My Four Months as a Private Prison Guard - benjaminfox
http://motherjones.com/politics/2016/06/cca-private-prisons-corrections-corporation-inmates-investigation-bauer
======
orf
This is an amazing article, well worth the read despite the length. It really
starts to get really dark about halfway through:

> In 2014, it settled a case for $690,000 over the death of a prisoner's baby
> at a county jail in Chattanooga, Tennessee. When the inmate went into labor,
> she was put in a cell with no mattress and left there for three hours as she
> bled heavily onto the floor. CCA employees did not call an ambulance until
> approximately five hours after the prisoner asked for help. Her newborn baby
> died shortly thereafter. In court proceedings, the warden testified that
> surveillance footage showed no signs of an emergency. But before the footage
> could be reviewed, CCA claimed it had been accidentally erased. The court
> sanctioned the company for destroying evidence.
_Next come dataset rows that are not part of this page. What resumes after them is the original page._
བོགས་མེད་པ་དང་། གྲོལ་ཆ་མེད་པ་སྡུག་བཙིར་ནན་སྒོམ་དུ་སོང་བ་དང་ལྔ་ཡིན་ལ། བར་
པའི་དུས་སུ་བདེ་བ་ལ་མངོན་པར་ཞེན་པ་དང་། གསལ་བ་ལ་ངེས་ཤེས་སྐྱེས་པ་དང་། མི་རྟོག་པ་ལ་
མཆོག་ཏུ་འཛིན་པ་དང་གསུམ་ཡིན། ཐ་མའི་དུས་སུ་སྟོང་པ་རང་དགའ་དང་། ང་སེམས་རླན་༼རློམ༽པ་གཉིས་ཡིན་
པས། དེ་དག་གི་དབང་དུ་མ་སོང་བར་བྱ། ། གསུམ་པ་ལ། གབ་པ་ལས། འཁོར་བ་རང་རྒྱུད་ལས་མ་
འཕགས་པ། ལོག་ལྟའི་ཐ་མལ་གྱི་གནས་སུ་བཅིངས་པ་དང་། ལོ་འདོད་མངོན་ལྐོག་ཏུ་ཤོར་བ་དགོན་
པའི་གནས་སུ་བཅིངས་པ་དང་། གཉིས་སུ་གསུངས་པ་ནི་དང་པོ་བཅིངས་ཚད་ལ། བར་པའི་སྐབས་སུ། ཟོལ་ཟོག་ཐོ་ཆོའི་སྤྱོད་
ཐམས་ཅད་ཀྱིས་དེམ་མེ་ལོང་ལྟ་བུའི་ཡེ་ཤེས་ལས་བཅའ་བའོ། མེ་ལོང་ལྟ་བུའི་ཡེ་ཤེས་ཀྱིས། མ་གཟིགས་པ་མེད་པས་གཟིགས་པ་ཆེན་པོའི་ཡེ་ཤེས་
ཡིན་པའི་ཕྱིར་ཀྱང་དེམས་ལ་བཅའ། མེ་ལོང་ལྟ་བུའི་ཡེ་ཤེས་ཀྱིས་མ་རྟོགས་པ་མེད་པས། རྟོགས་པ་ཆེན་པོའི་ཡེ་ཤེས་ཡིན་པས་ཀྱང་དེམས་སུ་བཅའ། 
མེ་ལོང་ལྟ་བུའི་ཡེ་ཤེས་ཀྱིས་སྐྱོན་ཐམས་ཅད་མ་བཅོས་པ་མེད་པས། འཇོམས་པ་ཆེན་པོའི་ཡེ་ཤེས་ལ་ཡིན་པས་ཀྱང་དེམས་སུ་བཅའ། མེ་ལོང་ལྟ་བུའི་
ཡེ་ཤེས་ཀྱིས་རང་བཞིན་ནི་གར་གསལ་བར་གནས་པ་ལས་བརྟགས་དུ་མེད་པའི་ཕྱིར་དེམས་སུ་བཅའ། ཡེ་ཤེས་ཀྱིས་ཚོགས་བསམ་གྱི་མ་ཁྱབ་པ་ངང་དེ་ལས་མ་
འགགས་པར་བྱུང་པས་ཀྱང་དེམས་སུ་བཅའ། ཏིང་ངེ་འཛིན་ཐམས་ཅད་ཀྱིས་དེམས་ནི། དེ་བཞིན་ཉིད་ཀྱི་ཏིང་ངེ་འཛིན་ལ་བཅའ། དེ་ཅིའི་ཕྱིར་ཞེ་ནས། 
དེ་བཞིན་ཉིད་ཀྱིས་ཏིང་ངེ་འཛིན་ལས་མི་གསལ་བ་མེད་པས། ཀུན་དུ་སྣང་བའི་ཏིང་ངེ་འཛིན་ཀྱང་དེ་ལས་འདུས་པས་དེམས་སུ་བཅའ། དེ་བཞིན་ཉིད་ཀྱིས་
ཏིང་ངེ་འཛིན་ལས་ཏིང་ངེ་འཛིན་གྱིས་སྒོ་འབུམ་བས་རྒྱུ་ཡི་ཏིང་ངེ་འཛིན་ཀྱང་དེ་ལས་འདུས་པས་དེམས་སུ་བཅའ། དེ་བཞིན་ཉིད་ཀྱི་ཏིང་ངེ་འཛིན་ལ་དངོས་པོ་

> CCA settled another case for $250,000 after a pregnant woman being held in a
> jail in Nashville complained of vaginal bleeding and severe abdominal pain.
> She said medical staff demanded "proof," so they put her in solitary and
> turned off the water so her blood loss could be "monitored." She claimed
> they did nothing to alleviate her pain as she endured contractions, filling
> the toilet with blood. The next morning, the inmate was shackled and taken
> to a hospital, where doctors found that she was already dilated. While
> prison guards watched, she gave birth and was immediately sedated. When she
> woke up, medical staff brought her the dead baby. She said she was not
> allowed to call her family and was given no information about the disposal
> of her son's body.

Something is deeply broken with the justice system in America.